Share warrants, or stock warrants, represent the right to buy or sell a certain amount of stock in a company for a certain price in a certain range of time. They're issued by the company that issues the stock and can generally be bought and sold by people who own them, although they're generally not as easy to trade on public markets as the underlying stock itself.

Naturally, they're only useful if they give you the right to buy stock cheaper than it's trading on the open market or sell it for more than it would sell at present-day prices. Warrants to buy stock are therefore potentially a good investment if you think the stock price will go up, and warrants to sell it are a logical investment if you think the price will go down.

In some cases, you can only exercise the warrant on the actual day it expires, and in other cases, you can exercise it over a longer lifetime. Make sure you understand the terms of a warrant you are buying so you can value it correctly according to your own market predictions and investment goals.

When you hold share warrants, you don't get any voting rights in the company beyond any stock you also own, and you don't earn dividends based on your warrants.

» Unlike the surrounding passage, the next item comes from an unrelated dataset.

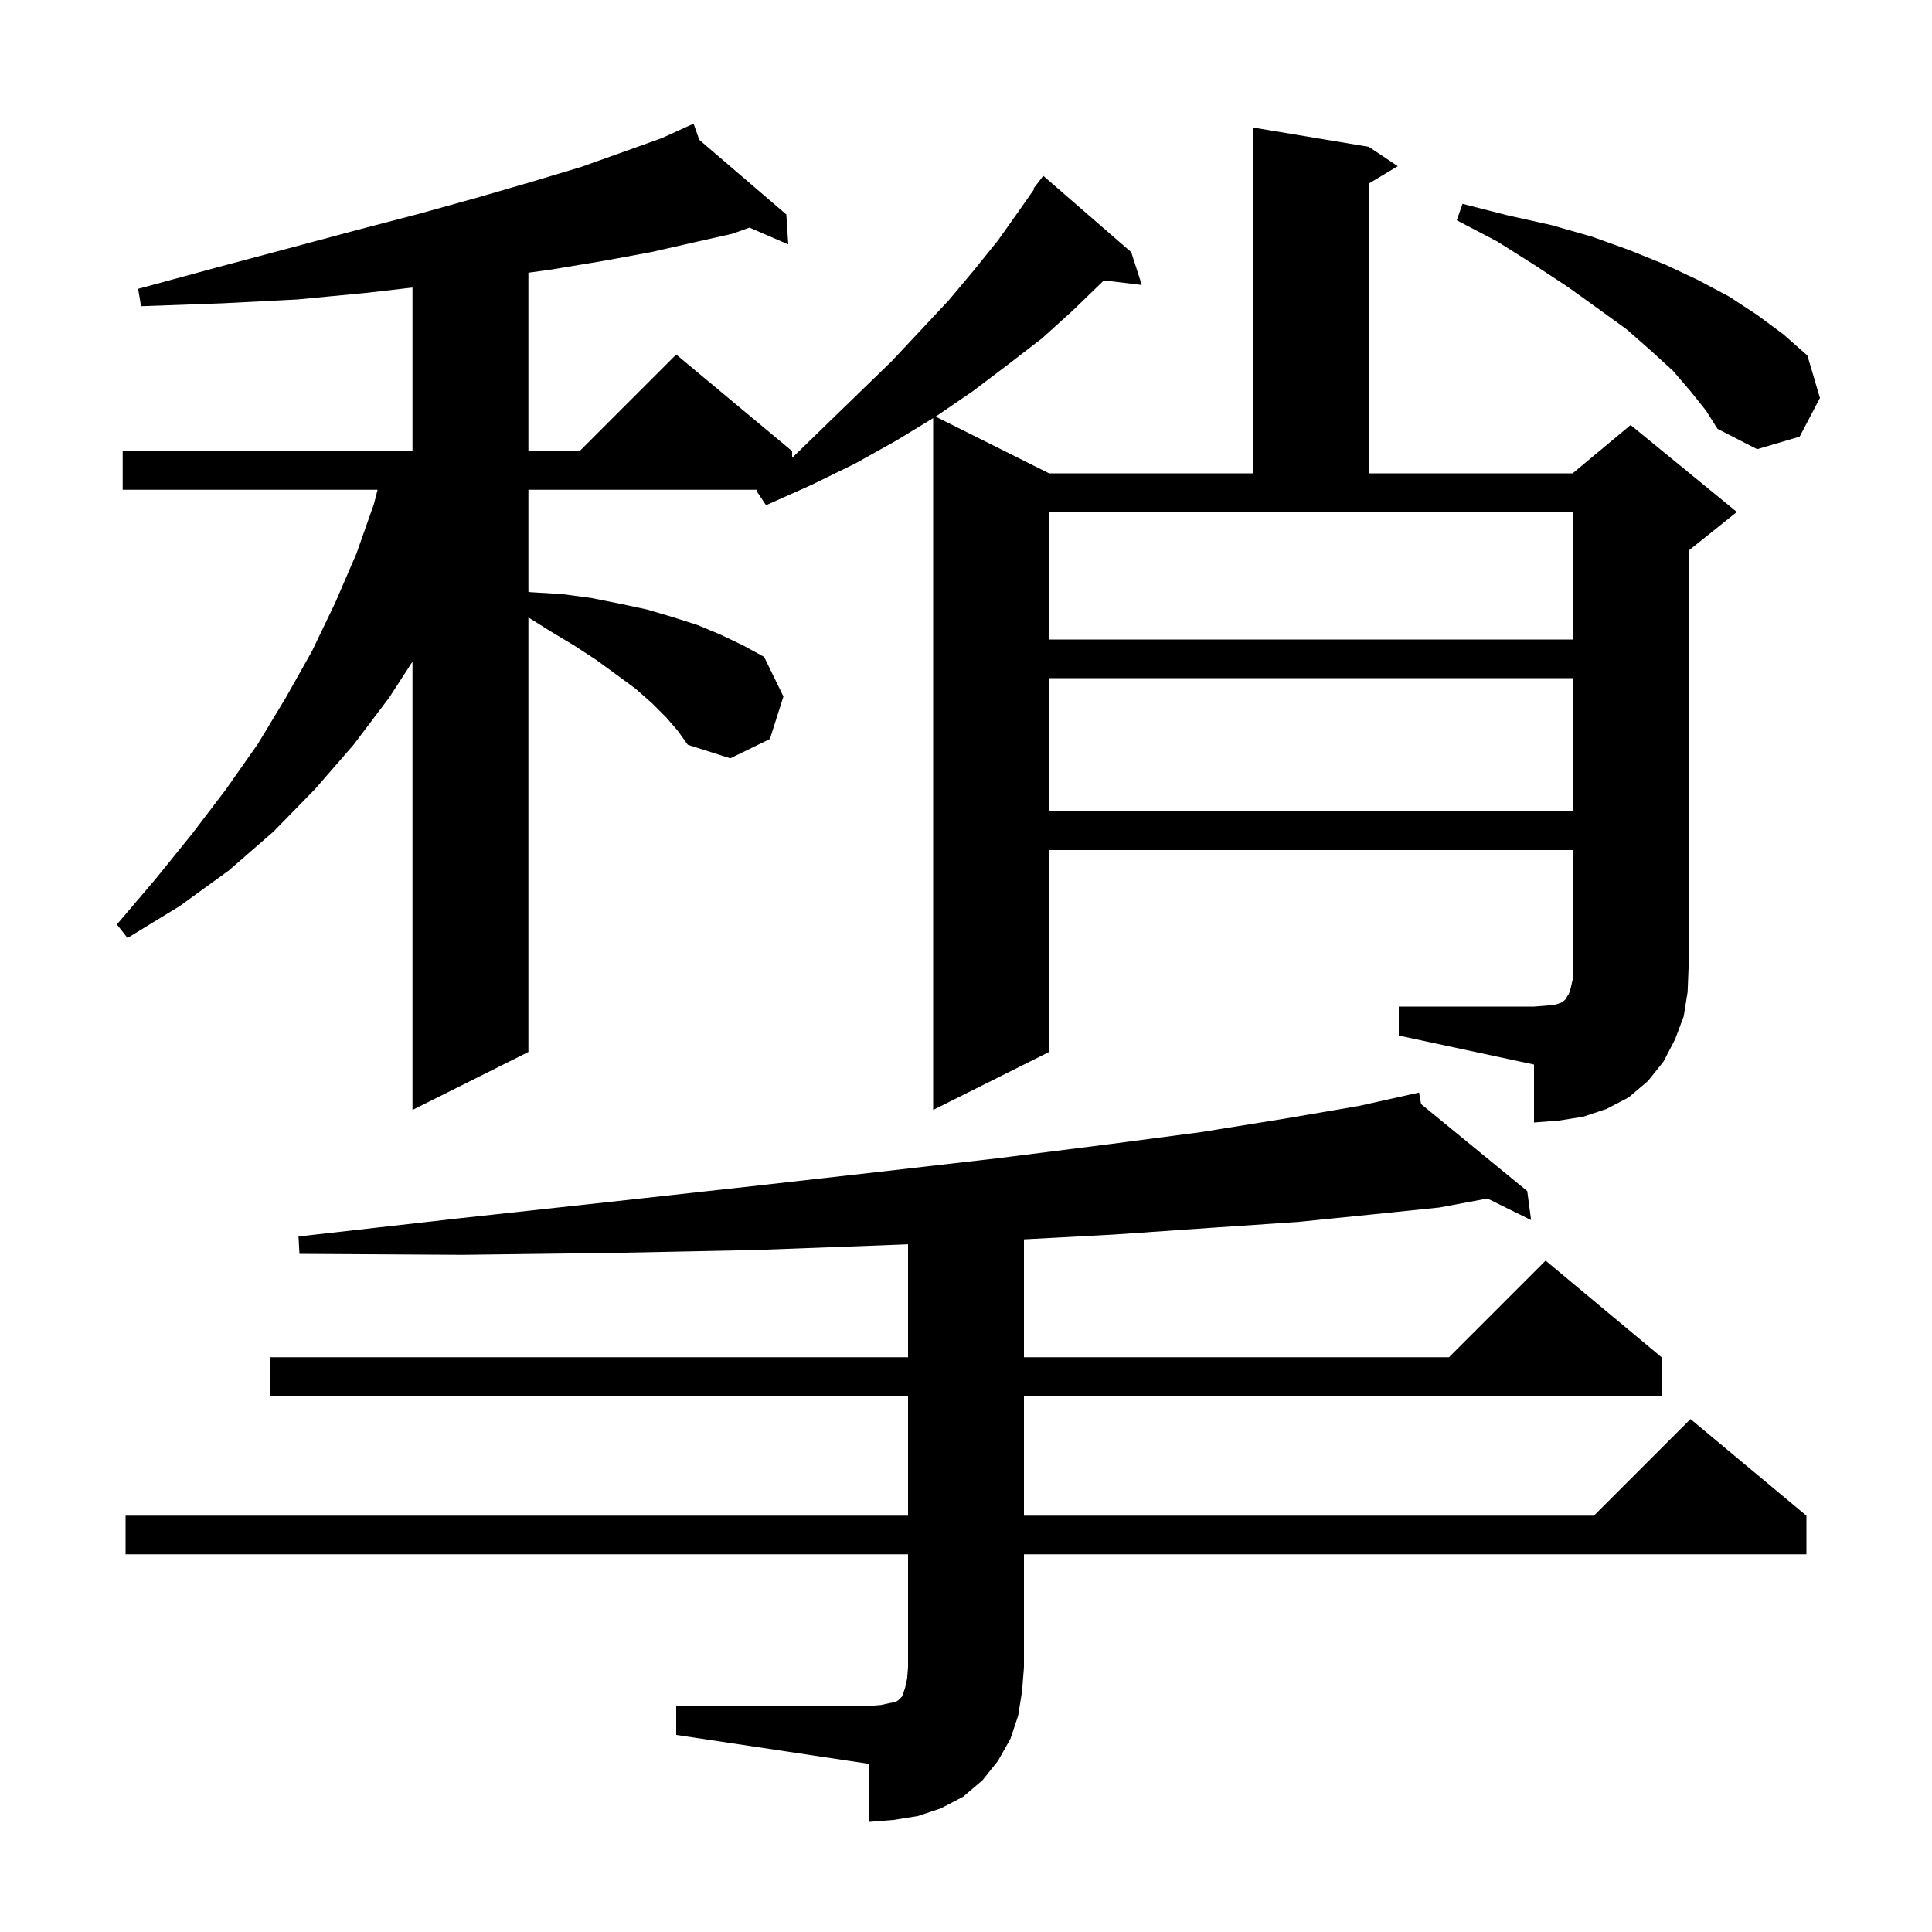 <svg xmlns="http://www.w3.org/2000/svg" xmlns:xlink="http://www.w3.org/1999/xlink" version="1.1" baseProfile="full" viewBox="0 0 200 200" width="200" height="200"><g fill="currentColor"><path d="M 70.0 176.6 L 90.0 176.6 L 91.2 176.5 L 92.1 176.3 L 92.7 176.2 L 93.0 176.0 L 93.4 175.6 L 93.7 174.7 L 93.9 173.8 L 94.0 172.6 L 94.0 160.9 L 13.0 160.9 L 13.0 156.9 L 94.0 156.9 L 94.0 144.5 L 28.0 144.5 L 28.0 140.5 L 94.0 140.5 L 94.0 128.807 L 91.7 128.9 L 78.2 129.4 L 63.6 129.7 L 47.9 129.9 L 31.0 129.8 L 30.9 128.0 L 47.7 126.1 L 63.3 124.4 L 77.8 122.8 L 91.1 121.3 L 103.3 119.9 L 114.4 118.5 L 124.3 117.2 L 133.0 115.8 L 140.6 114.5 L 145.906 113.321 L 145.9 113.3 L 145.921 113.317 L 146.9 113.1 L 147.11 114.292 L 158.1 123.3 L 158.5 126.3 L 153.979 124.07 L 149.0 125.0 L 142.2 125.7 L 134.3 126.5 L 125.4 127.1 L 115.3 127.8 L 106.0 128.298 L 106.0 140.5 L 150.0 140.5 L 160.0 130.5 L 172.0 140.5 L 172.0 144.5 L 106.0 144.5 L 106.0 156.9 L 165.0 156.9 L 175.0 146.9 L 187.0 156.9 L 187.0 160.9 L 106.0 160.9 L 106.0 172.6 L 105.8 175.1 L 105.4 177.6 L 104.6 180.0 L 103.3 182.3 L 101.7 184.3 L 99.7 186.0 L 97.4 187.2 L 95.0 188.0 L 92.5 188.4 L 90.0 188.6 L 90.0 182.6 L 70.0 179.6 Z M 144.8 104.2 L 158.8 104.2 L 160.1 104.1 L 161.0 104.0 L 161.6 103.8 L 161.9 103.6 L 162.1 103.4 L 162.2 103.2 L 162.4 102.9 L 162.6 102.3 L 162.8 101.4 L 162.8 88.0 L 108.6 88.0 L 108.6 108.9 L 96.6 114.9 L 96.6 43.283 L 92.8 45.6 L 88.5 48.0 L 84.0 50.2 L 79.3 52.3 L 78.3 50.8 L 78.409 50.7 L 54.7 50.7 L 54.7 61.264 L 54.9 61.3 L 58.2 61.5 L 61.2 61.9 L 64.2 62.5 L 67.0 63.1 L 69.7 63.9 L 72.2 64.7 L 74.6 65.7 L 76.9 66.8 L 79.1 68.0 L 81.1 72.1 L 79.7 76.5 L 75.6 78.5 L 71.2 77.1 L 70.2 75.7 L 69.0 74.3 L 67.5 72.8 L 65.8 71.3 L 63.9 69.9 L 61.7 68.3 L 59.4 66.8 L 56.9 65.3 L 54.7 63.915 L 54.7 108.9 L 42.7 114.9 L 42.7 68.491 L 40.3 72.2 L 36.6 77.1 L 32.6 81.7 L 28.3 86.1 L 23.7 90.1 L 18.6 93.8 L 13.2 97.1 L 12.1 95.7 L 16.1 91.0 L 19.9 86.3 L 23.4 81.7 L 26.7 77.0 L 29.6 72.2 L 32.3 67.4 L 34.7 62.4 L 36.9 57.3 L 38.7 52.2 L 39.086 50.7 L 12.7 50.7 L 12.7 46.7 L 42.7 46.7 L 42.7 29.767 L 38.1 30.3 L 30.8 31.0 L 23.0 31.4 L 14.6 31.7 L 14.3 29.9 L 22.4 27.7 L 29.9 25.7 L 37.0 23.8 L 43.5 22.1 L 49.6 20.4 L 55.1 18.8 L 60.1 17.3 L 64.6 15.7 L 68.5 14.3 L 70.903 13.208 L 70.9 13.2 L 70.907 13.206 L 71.8 12.8 L 72.388 14.475 L 81.4 22.2 L 81.6 25.3 L 77.585 23.562 L 75.8 24.2 L 71.8 25.1 L 67.4 26.1 L 62.5 27.0 L 57.1 27.9 L 54.7 28.231 L 54.7 46.7 L 60.0 46.7 L 70.0 36.7 L 82.0 46.7 L 82.0 47.392 L 82.1 47.3 L 85.6 43.9 L 89.0 40.6 L 92.3 37.4 L 95.3 34.2 L 98.2 31.1 L 100.8 28.0 L 103.3 24.9 L 105.5 21.8 L 107.075 19.549 L 107.0 19.5 L 108.0 18.2 L 117.1 26.1 L 118.2 29.5 L 114.272 29.026 L 114.2 29.1 L 111.1 32.1 L 107.9 35.0 L 104.4 37.7 L 100.7 40.5 L 96.9 43.1 L 96.855 43.127 L 108.6 49.0 L 129.7 49.0 L 129.7 13.2 L 141.7 15.2 L 144.7 17.2 L 141.7 19.0 L 141.7 49.0 L 162.8 49.0 L 168.8 44.0 L 179.8 53.0 L 174.8 57.0 L 174.8 100.2 L 174.7 102.7 L 174.3 105.2 L 173.4 107.6 L 172.2 109.9 L 170.6 111.9 L 168.6 113.6 L 166.3 114.8 L 163.9 115.6 L 161.4 116.0 L 158.8 116.2 L 158.8 110.2 L 144.8 107.2 Z M 108.6 70.2 L 108.6 84.0 L 162.8 84.0 L 162.8 70.2 Z M 108.6 66.2 L 162.8 66.2 L 162.8 53.0 L 108.6 53.0 Z M 175.0 40.5 L 173.2 38.4 L 170.9 36.3 L 168.4 34.1 L 165.5 32.0 L 162.3 29.7 L 158.8 27.4 L 155.0 25.0 L 150.8 22.8 L 151.4 21.1 L 156.1 22.3 L 160.6 23.3 L 164.8 24.5 L 168.7 25.9 L 172.4 27.4 L 175.8 29.0 L 179.0 30.7 L 181.9 32.6 L 184.6 34.6 L 187.1 36.8 L 188.4 41.2 L 186.3 45.2 L 181.9 46.5 L 177.8 44.4 L 176.6 42.5 Z "/></g></svg>

Warrants are sometimes issued to investors in startup companies, sometimes bundled with loan agreements, letting the investors buy shares at a reduced price in the future if the company does well.

Stock Warrants Vs. Options

Like warrants, stock options also give you the right to buy or sell a security at a certain price during a certain time period.

One big difference between a warrant and an option is that a warrant is always issued by the company issuing the stock, while a third-party can issue and sell an option. Another difference is that when a warrant is exercised to buy stock, new shares are actually issued to meet the purchase, meaning that existing shareholders' ownership stakes are diluted according to how much stock is bought with the warrant.

For a small purchase of a big company's stock, this won't make much of a difference, but if the purchase is larger relative to the total amount of stock, this can be more significant.

Warrants and options are generally valued similarly since they have similar benefits depending on if stock prices rise or fall. Options are commonly issued to employees as part of their compensation.